*Dataset entries*.

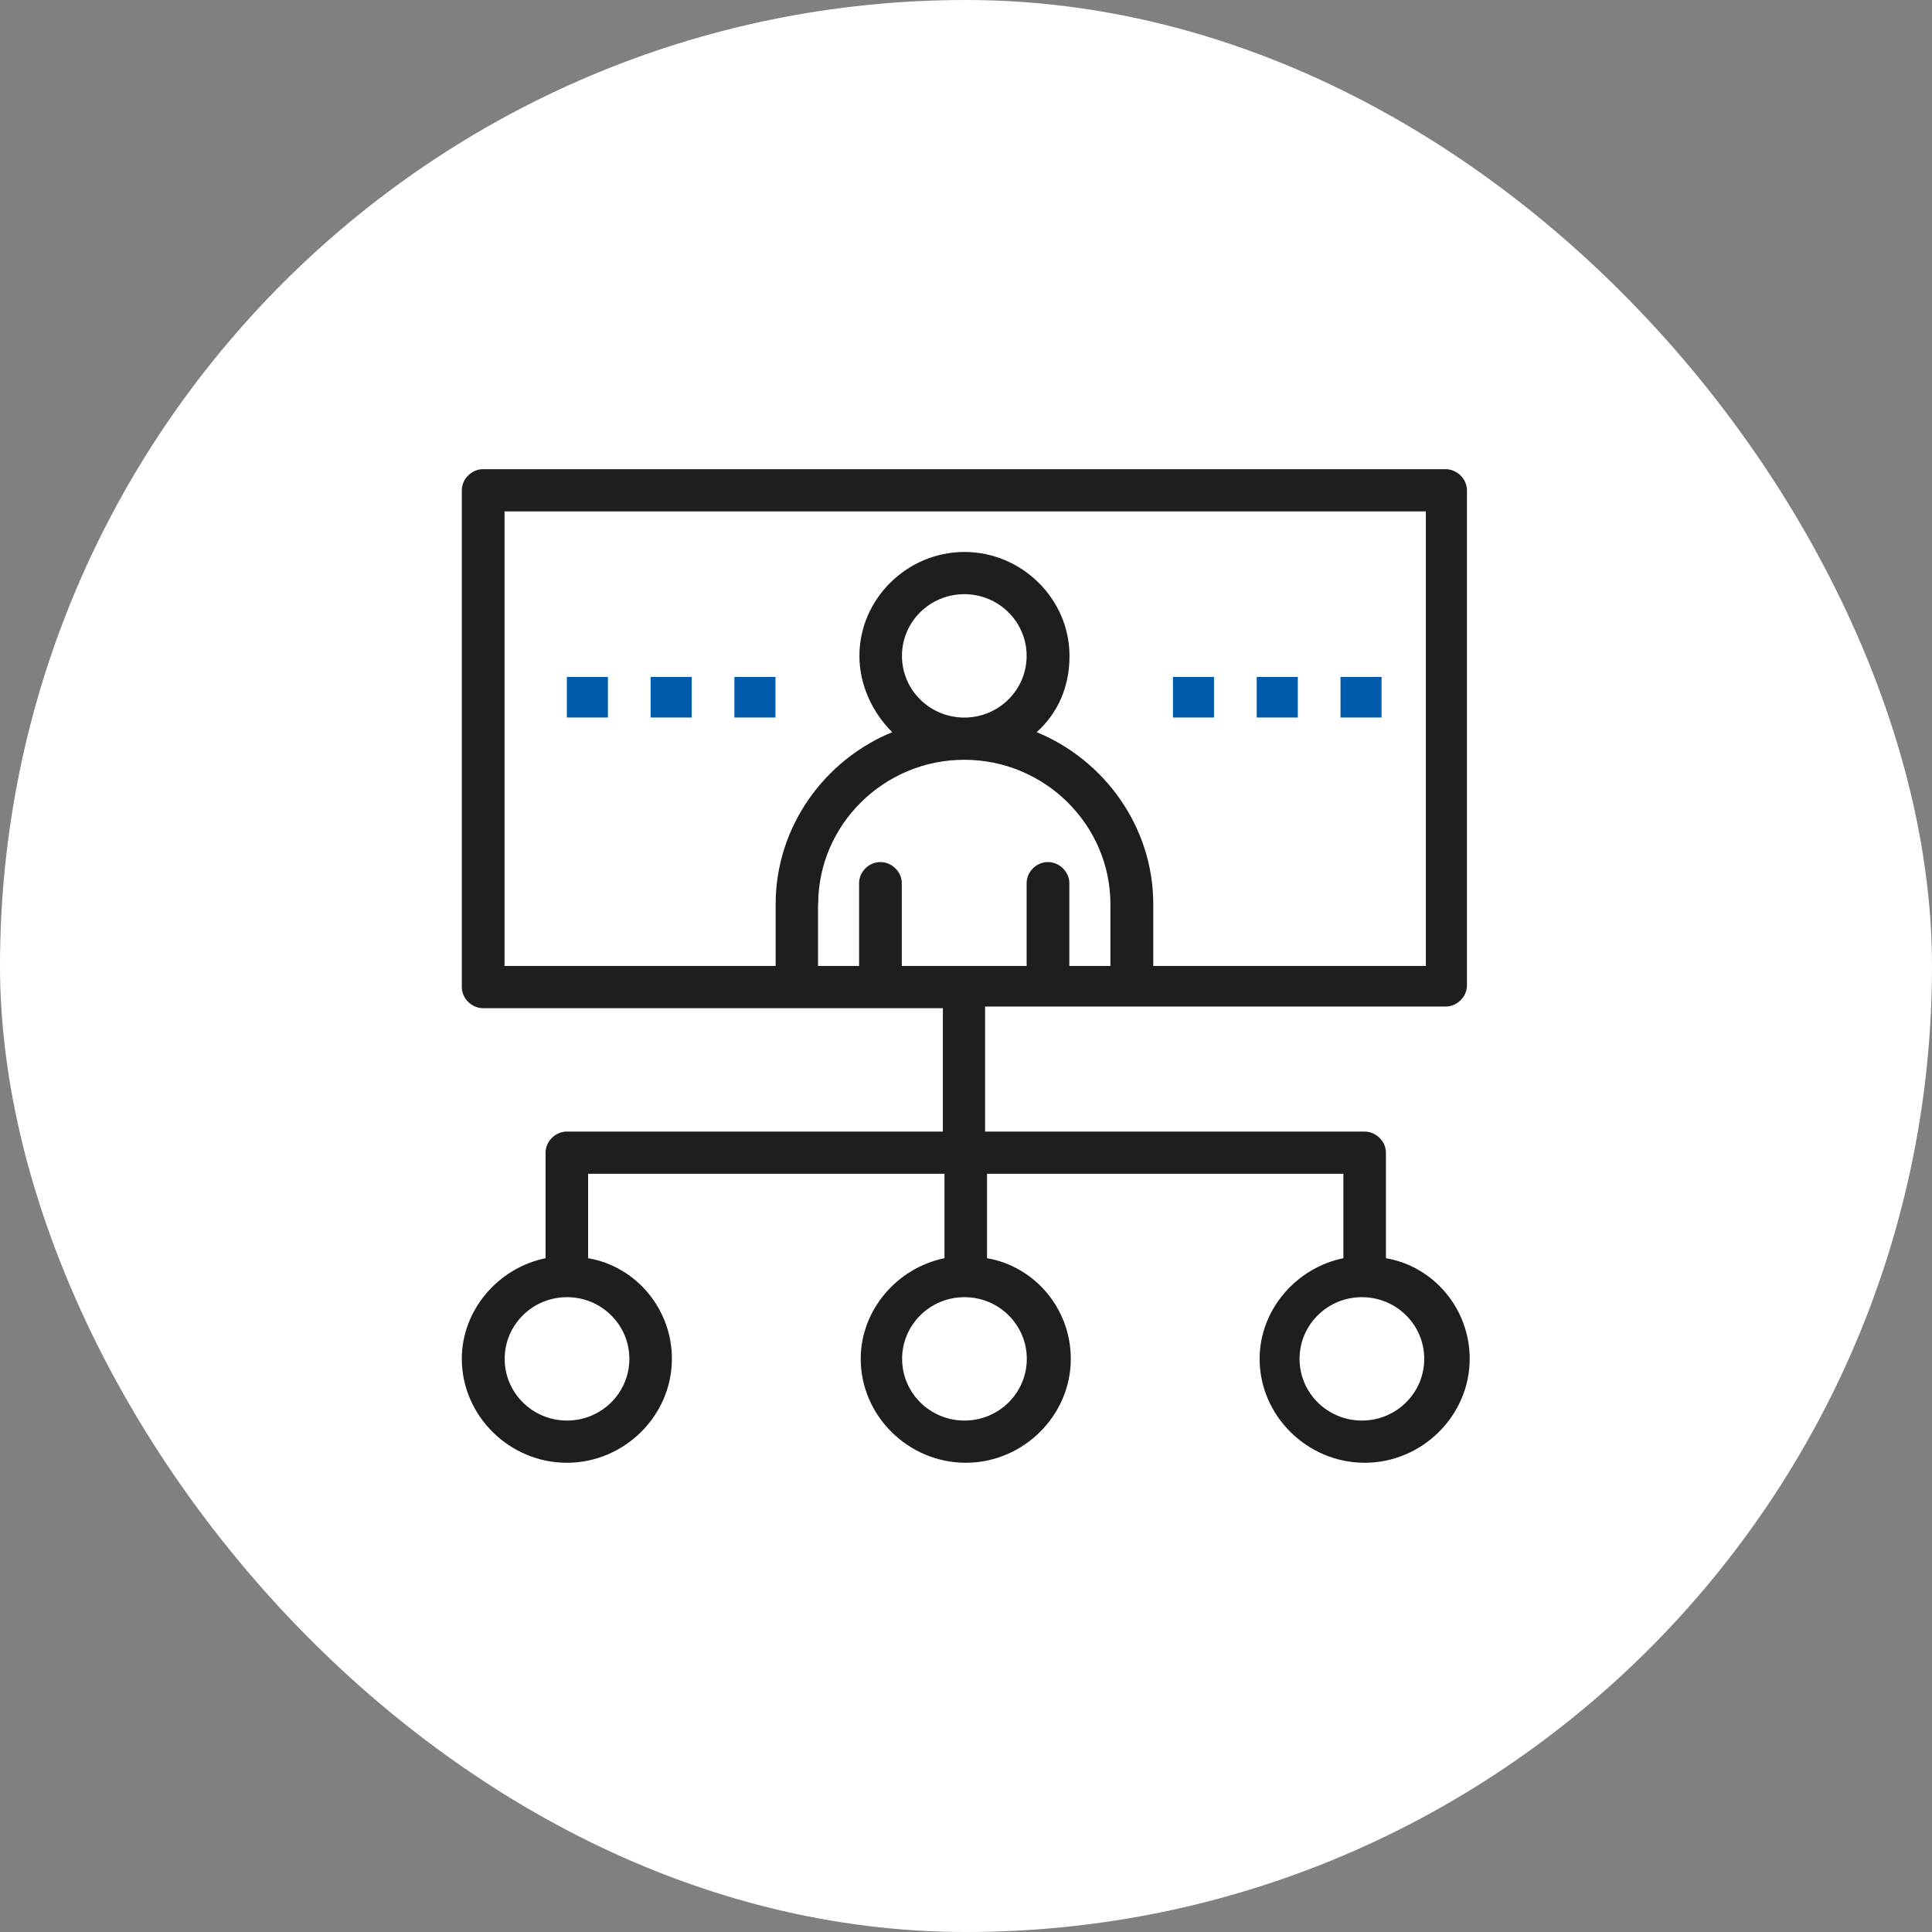 <svg width="119" height="119" viewBox="0 0 119 119" fill="none" xmlns="http://www.w3.org/2000/svg">
<rect x="0" y="0" width="119" height="119" fill="#808080" stroke="none"/>
<rect width="119" height="119" rx="59.5" fill="white"/>
<g clip-path="url(#clip0_746_6507)">
<path d="M89.035 61.998C89.745 61.998 90.355 61.398 90.355 60.698V30.198C90.355 29.498 89.745 28.898 89.035 28.898H29.755C29.055 28.898 28.445 29.498 28.445 30.198V60.798C28.445 61.498 29.055 62.098 29.755 62.098H58.075V69.698H34.915C34.205 69.698 33.605 70.298 33.605 70.998V77.498C30.675 78.098 28.445 80.698 28.445 83.698C28.445 87.198 31.375 90.098 34.915 90.098C38.455 90.098 41.385 87.198 41.385 83.698C41.385 80.598 39.155 77.998 36.225 77.498V72.298H58.175V77.498C55.245 78.098 53.015 80.698 53.015 83.698C53.015 87.198 55.945 90.098 59.485 90.098C63.025 90.098 65.955 87.198 65.955 83.698C65.955 80.598 63.725 77.998 60.795 77.498V72.298H82.745V77.498C79.815 78.098 77.585 80.698 77.585 83.698C77.585 87.198 80.515 90.098 84.055 90.098C87.595 90.098 90.525 87.198 90.525 83.698C90.525 80.598 88.295 77.998 85.365 77.498V70.998C85.365 70.298 84.755 69.698 84.045 69.698H60.675V61.998H88.995H89.035ZM38.765 83.698C38.765 85.798 37.045 87.498 34.925 87.498C32.805 87.498 31.085 85.798 31.085 83.698C31.085 81.598 32.805 79.898 34.925 79.898C37.045 79.898 38.765 81.598 38.765 83.698ZM63.245 83.698C63.245 85.798 61.525 87.498 59.405 87.498C57.285 87.498 55.565 85.798 55.565 83.698C55.565 81.598 57.285 79.898 59.405 79.898C61.525 79.898 63.245 81.598 63.245 83.698ZM87.725 83.698C87.725 85.798 86.005 87.498 83.885 87.498C81.765 87.498 80.045 85.798 80.045 83.698C80.045 81.598 81.765 79.898 83.885 79.898C86.005 79.898 87.725 81.598 87.725 83.698ZM31.075 31.498H87.825V59.498H71.035V55.698C71.035 50.898 67.995 46.798 63.855 45.098C65.175 43.898 65.875 42.298 65.875 40.398C65.875 36.898 62.945 33.998 59.405 33.998C55.865 33.998 52.935 36.898 52.935 40.398C52.935 42.198 53.745 43.898 54.955 45.098C50.805 46.798 47.775 50.898 47.775 55.698V59.498H31.075V31.498ZM55.555 40.398C55.555 38.298 57.275 36.598 59.395 36.598C61.515 36.598 63.235 38.298 63.235 40.398C63.235 42.498 61.515 44.198 59.395 44.198C57.275 44.198 55.555 42.498 55.555 40.398ZM50.395 55.698C50.395 50.798 54.445 46.798 59.395 46.798C64.345 46.798 68.395 50.798 68.395 55.698V59.498H65.865V54.398C65.865 53.698 65.255 53.098 64.545 53.098C63.835 53.098 63.235 53.698 63.235 54.398V59.498H55.545V54.398C55.545 53.698 54.935 53.098 54.225 53.098C53.515 53.098 52.915 53.698 52.915 54.398V59.498H50.385V55.698H50.395Z" fill="#1E1E1E"/>
<path d="M37.444 41.695H34.914V44.195H37.444V41.695Z" fill="#005BAA"/>
<path d="M42.604 41.695H40.074V44.195H42.604V41.695Z" fill="#005BAA"/>
<path d="M47.764 41.695H45.234V44.195H47.764V41.695Z" fill="#005BAA"/>
<path d="M74.776 41.695H72.246V44.195H74.776V41.695Z" fill="#005BAA"/>
<path d="M79.936 41.695H77.406V44.195H79.936V41.695Z" fill="#005BAA"/>
<path d="M85.096 41.695H82.566V44.195H85.096V41.695Z" fill="#005BAA"/>
</g>
<defs>
<clipPath id="clip0_746_6507">
<rect width="62.11" height="61.2" fill="white" transform="translate(28.445 28.898)"/>
</clipPath>
</defs>
</svg>

*Work instructions*. Would you retype every record above exactly, leaving out the pictures?

*Response area*.
 <svg width="119" height="119" viewBox="0 0 119 119" fill="none" xmlns="http://www.w3.org/2000/svg">
<rect x="0" y="0" width="119" height="119" fill="#808080" stroke="none"/>
<rect width="119" height="119" rx="59.5" fill="white"/>
<g clip-path="url(#clip0_746_6507)">
<path d="M89.035 61.998C89.745 61.998 90.355 61.398 90.355 60.698V30.198C90.355 29.498 89.745 28.898 89.035 28.898H29.755C29.055 28.898 28.445 29.498 28.445 30.198V60.798C28.445 61.498 29.055 62.098 29.755 62.098H58.075V69.698H34.915C34.205 69.698 33.605 70.298 33.605 70.998V77.498C30.675 78.098 28.445 80.698 28.445 83.698C28.445 87.198 31.375 90.098 34.915 90.098C38.455 90.098 41.385 87.198 41.385 83.698C41.385 80.598 39.155 77.998 36.225 77.498V72.298H58.175V77.498C55.245 78.098 53.015 80.698 53.015 83.698C53.015 87.198 55.945 90.098 59.485 90.098C63.025 90.098 65.955 87.198 65.955 83.698C65.955 80.598 63.725 77.998 60.795 77.498V72.298H82.745V77.498C79.815 78.098 77.585 80.698 77.585 83.698C77.585 87.198 80.515 90.098 84.055 90.098C87.595 90.098 90.525 87.198 90.525 83.698C90.525 80.598 88.295 77.998 85.365 77.498V70.998C85.365 70.298 84.755 69.698 84.045 69.698H60.675V61.998H88.995H89.035ZM38.765 83.698C38.765 85.798 37.045 87.498 34.925 87.498C32.805 87.498 31.085 85.798 31.085 83.698C31.085 81.598 32.805 79.898 34.925 79.898C37.045 79.898 38.765 81.598 38.765 83.698ZM63.245 83.698C63.245 85.798 61.525 87.498 59.405 87.498C57.285 87.498 55.565 85.798 55.565 83.698C55.565 81.598 57.285 79.898 59.405 79.898C61.525 79.898 63.245 81.598 63.245 83.698ZM87.725 83.698C87.725 85.798 86.005 87.498 83.885 87.498C81.765 87.498 80.045 85.798 80.045 83.698C80.045 81.598 81.765 79.898 83.885 79.898C86.005 79.898 87.725 81.598 87.725 83.698ZM31.075 31.498H87.825V59.498H71.035V55.698C71.035 50.898 67.995 46.798 63.855 45.098C65.175 43.898 65.875 42.298 65.875 40.398C65.875 36.898 62.945 33.998 59.405 33.998C55.865 33.998 52.935 36.898 52.935 40.398C52.935 42.198 53.745 43.898 54.955 45.098C50.805 46.798 47.775 50.898 47.775 55.698V59.498H31.075V31.498ZM55.555 40.398C55.555 38.298 57.275 36.598 59.395 36.598C61.515 36.598 63.235 38.298 63.235 40.398C63.235 42.498 61.515 44.198 59.395 44.198C57.275 44.198 55.555 42.498 55.555 40.398ZM50.395 55.698C50.395 50.798 54.445 46.798 59.395 46.798C64.345 46.798 68.395 50.798 68.395 55.698V59.498H65.865V54.398C65.865 53.698 65.255 53.098 64.545 53.098C63.835 53.098 63.235 53.698 63.235 54.398V59.498H55.545V54.398C55.545 53.698 54.935 53.098 54.225 53.098C53.515 53.098 52.915 53.698 52.915 54.398V59.498H50.385V55.698H50.395Z" fill="#1E1E1E"/>
<path d="M37.444 41.695H34.914V44.195H37.444V41.695Z" fill="#005BAA"/>
<path d="M42.604 41.695H40.074V44.195H42.604V41.695Z" fill="#005BAA"/>
<path d="M47.764 41.695H45.234V44.195H47.764V41.695Z" fill="#005BAA"/>
<path d="M74.776 41.695H72.246V44.195H74.776V41.695Z" fill="#005BAA"/>
<path d="M79.936 41.695H77.406V44.195H79.936V41.695Z" fill="#005BAA"/>
<path d="M85.096 41.695H82.566V44.195H85.096V41.695Z" fill="#005BAA"/>
</g>
<defs>
<clipPath id="clip0_746_6507">
<rect width="62.11" height="61.2" fill="white" transform="translate(28.445 28.898)"/>
</clipPath>
</defs>
</svg>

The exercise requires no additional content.